Biden's Possible Misstep and Rising Inflation Impact on Bond Yields and Black Gold
Biden's Remarks on Bombing Iran Oil Facilities
There are speculations that President Biden might have made another verbal error when he mentioned that they were "discussing" bombing Iran oil facilities. Regardless of the confusion, the oil market has reacted, with West Texas Intermediate (WTI) trading at one-month highs.
Increasing Pump Prices
As a result of the rising WTI, pump prices are also expected to go higher.
Impact on Services PMI and Inflation Data
While the Services PMI headline data was solid, it was marred by significant increases in underlying inflation data. This, combined with the surge in oil prices, led to a significant rise in bond yields on the day, with yields up 6-8bps across the curve.

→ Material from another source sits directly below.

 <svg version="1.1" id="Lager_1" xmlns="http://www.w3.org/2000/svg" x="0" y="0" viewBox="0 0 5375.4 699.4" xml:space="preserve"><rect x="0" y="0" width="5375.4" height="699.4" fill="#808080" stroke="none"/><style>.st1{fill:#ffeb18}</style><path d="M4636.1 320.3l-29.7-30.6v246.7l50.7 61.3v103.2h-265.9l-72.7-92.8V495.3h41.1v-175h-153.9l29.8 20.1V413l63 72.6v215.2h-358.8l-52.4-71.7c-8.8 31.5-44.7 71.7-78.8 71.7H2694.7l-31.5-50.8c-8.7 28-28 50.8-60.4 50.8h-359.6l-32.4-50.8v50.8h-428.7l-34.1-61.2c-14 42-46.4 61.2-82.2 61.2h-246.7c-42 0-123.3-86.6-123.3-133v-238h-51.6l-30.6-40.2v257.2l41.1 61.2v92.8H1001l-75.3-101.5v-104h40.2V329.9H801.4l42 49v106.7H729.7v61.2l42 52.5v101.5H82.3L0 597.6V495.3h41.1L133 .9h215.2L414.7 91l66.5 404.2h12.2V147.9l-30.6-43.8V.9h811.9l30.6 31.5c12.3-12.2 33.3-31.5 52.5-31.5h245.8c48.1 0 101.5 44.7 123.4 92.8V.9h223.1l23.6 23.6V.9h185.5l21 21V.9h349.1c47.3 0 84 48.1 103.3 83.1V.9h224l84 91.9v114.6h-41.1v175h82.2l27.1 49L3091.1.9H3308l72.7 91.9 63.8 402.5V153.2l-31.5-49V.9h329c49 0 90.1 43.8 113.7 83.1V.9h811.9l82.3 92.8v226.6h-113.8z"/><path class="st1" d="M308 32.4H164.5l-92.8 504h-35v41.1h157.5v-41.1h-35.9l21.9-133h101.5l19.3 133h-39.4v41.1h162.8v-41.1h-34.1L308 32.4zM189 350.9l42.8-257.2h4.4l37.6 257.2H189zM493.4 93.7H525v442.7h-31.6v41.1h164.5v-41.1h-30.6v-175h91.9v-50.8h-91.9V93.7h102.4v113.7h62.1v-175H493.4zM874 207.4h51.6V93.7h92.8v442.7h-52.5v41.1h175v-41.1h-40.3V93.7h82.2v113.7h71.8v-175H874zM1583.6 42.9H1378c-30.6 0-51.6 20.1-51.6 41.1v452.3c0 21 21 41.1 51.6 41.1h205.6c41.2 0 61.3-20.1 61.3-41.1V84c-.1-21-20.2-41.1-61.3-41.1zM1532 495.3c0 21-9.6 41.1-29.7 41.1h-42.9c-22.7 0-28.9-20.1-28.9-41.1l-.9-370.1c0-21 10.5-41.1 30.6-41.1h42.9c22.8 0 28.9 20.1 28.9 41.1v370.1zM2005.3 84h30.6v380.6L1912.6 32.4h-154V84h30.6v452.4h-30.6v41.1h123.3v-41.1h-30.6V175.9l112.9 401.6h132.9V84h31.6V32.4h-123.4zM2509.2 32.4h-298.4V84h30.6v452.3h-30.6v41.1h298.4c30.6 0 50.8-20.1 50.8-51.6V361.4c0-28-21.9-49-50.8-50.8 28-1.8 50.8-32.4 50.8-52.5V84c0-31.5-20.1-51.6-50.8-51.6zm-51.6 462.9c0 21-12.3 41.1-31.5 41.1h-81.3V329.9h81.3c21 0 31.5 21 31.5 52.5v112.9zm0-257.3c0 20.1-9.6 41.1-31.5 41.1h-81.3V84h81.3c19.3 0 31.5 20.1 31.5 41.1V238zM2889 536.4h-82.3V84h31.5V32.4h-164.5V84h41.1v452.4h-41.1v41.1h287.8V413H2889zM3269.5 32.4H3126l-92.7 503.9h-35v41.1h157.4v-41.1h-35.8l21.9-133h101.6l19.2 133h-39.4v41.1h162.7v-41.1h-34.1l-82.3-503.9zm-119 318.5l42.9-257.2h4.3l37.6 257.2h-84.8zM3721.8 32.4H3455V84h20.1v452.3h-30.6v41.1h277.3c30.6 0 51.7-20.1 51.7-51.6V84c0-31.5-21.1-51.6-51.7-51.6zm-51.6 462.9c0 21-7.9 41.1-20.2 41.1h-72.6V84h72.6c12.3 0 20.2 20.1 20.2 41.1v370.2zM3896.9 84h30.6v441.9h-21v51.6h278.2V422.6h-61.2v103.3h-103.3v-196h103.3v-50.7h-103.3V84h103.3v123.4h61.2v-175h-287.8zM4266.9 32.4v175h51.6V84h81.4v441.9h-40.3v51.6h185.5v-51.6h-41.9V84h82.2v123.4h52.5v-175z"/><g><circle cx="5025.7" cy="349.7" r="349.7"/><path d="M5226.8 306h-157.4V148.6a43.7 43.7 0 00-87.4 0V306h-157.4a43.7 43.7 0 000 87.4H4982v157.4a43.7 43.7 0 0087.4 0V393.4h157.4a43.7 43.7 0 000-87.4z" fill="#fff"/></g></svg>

Drop in Rate-Cut Expectations
There has also been a noticeable decrease in rate-cut expectations. The year 2024 is now evenly split between 2 and 3 more cuts, while 2025 remains at 4x25bps cuts.
USD Rises Amid Geopolitical Safe Haven Flows
The short-term interest rates' hawkish shift has helped the USD rise, alongside geopolitical safe haven flows.
US Equity Markets
US equity markets saw a decrease overnight, with futures dumping at the European open. There were some chaotic swings around the US cash open, but once Europe was closed, the selling pressure resumed. Small Caps were the laggard and S&P/Nasdaq were the least affected in today's market.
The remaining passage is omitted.